▸ AIM OF THE EXERCISE: Your output must reproduce all the records below precisely and contain no pictures.

▸ RECORDS PROVIDED:
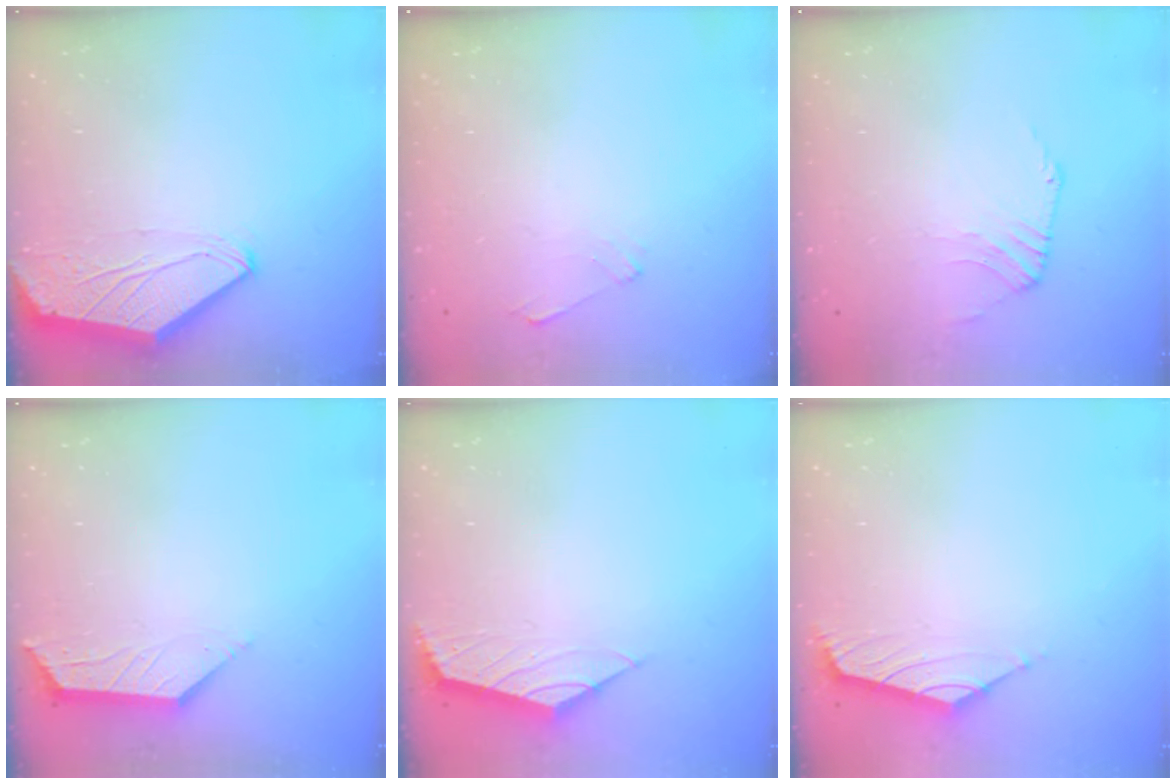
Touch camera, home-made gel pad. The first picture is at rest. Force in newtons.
{"total": 1.0, "press": 1.0, "slide": 0.3}
{"total": 2.4, "press": 2.4, "slide": 0.5}
{"total": 2.9, "press": 2.8, "slide": 0.5}
{"total": 2.3, "press": 2.2, "slide": 0.6}
{"total": 1.7, "press": 1.6, "slide": 0.6}

▸ OUTPUT FOR THIS TASK:
Touch camera, home-made gel pad. The first picture is at rest. Force in newtons.
{"total": 1.0, "press": 1.0, "slide": 0.3}
{"total": 2.4, "press": 2.4, "slide": 0.5}
{"total": 2.9, "press": 2.8, "slide": 0.5}
{"total": 2.3, "press": 2.2, "slide": 0.6}
{"total": 1.7, "press": 1.6, "slide": 0.6}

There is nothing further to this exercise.